Amino acids present in the faeces are mainly originated from feed that were not broken down and absorbed. This lack of absorption can happen because gut viscosity interferes with the action of endogenous proteases; or because these proteins were trapped by phytates or NSPs in cell walls. The proteins in faeces can also originate from endogenous digestive enzymes, microbial protein, complexed protein that can’t be broken down by serine, or metalloproteases regularly produced by the animal. Inefficiency of the digestive system for different reasons, such as dysbiosis, can also increase the level of faecal protein. From vegetal sources, indigestible protein represents 10 to 20% of the total of amino-acids, so, this value can vary significantly – which has been demonstrated by Adisseo’s Precise Nutritional Evaluation (PNE) year after year.
Fat and starch are also present in the faeces, meaning that they aren’t completely absorbed. Despite the inefficiency of the intestine, the main reason for this is related to interference by the NSP content of the diets. In general, 5 to 10% of dietary fat and starch remain present in the faeces.

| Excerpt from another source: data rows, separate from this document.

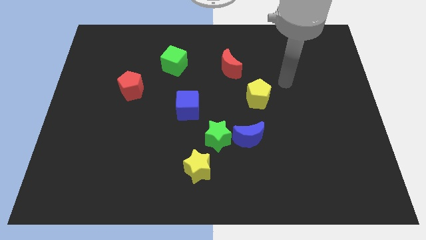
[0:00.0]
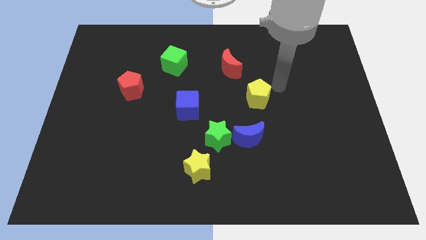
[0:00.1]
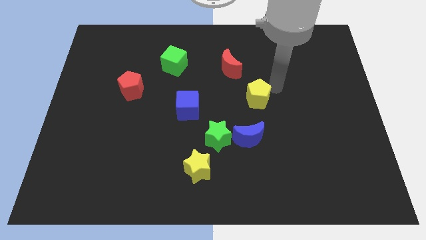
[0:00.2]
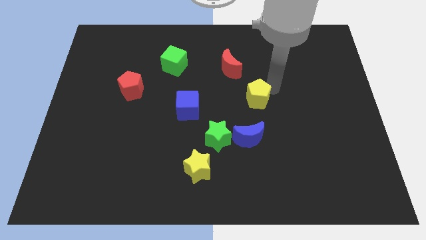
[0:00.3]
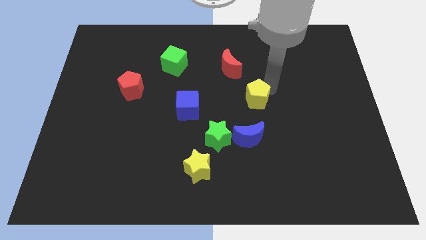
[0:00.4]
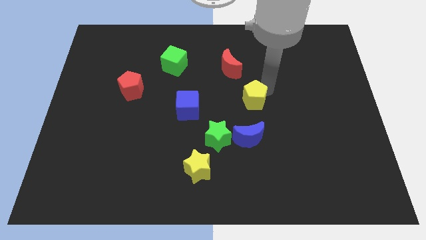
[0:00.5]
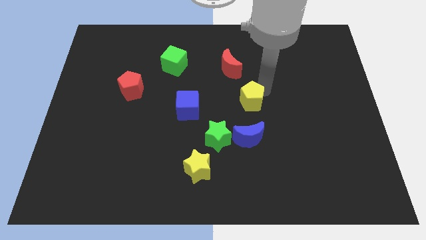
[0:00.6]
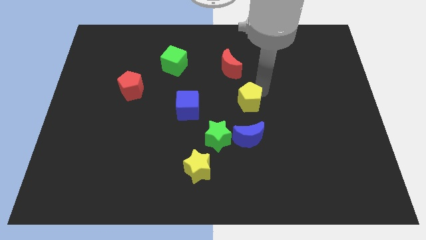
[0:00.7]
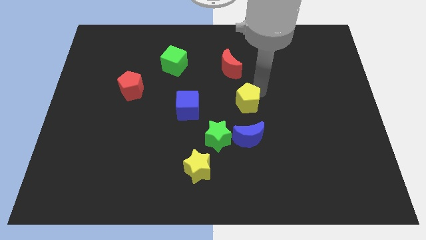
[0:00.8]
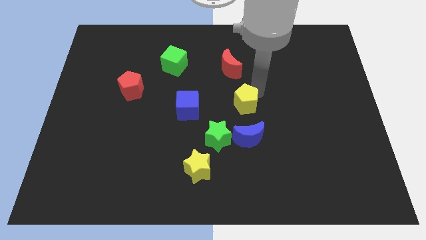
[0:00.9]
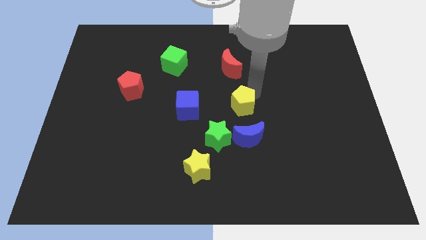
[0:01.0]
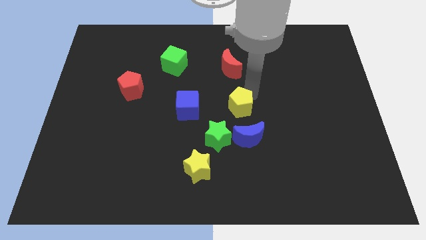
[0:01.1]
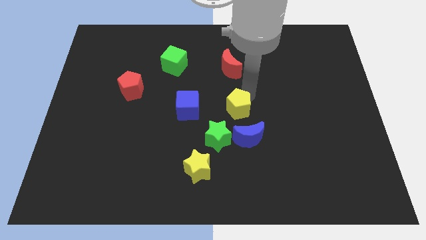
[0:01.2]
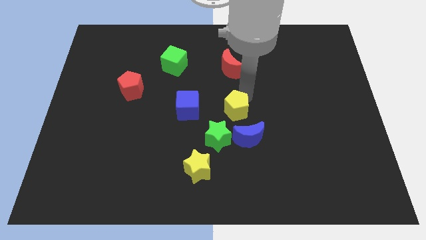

These undigested nutrients (made up of amino acids, fats, and starch), often represent between 700 and 1200 kcal/kg of the diet. This is huge amount of energy that can’t be digested
NSPs, phytate and undigested nutrients represent close to 25% of the diet. NSPs and phytates interfere in the absorption of nutrients. If they are soluble, the substrates from one raw material can also interfere with the absorption of nutrients from a different raw material. A typical example is where a high inclusion of wheat leads to an increase in viscosity, which in turn impacts the overall digestibility of the diet, as well as the microbiota.
Evaluating diets using both its nutritional value, and its indigestible fraction, is the best way to assess the potential effect of enzymes like phytase and multi carbohydrases. Adding these enzymes to the diet, which act on the phytates and NSPs releasing nutrients for animals; will improve the gut microbiota, decrease intestinal wall inflammation, and improve animal performance.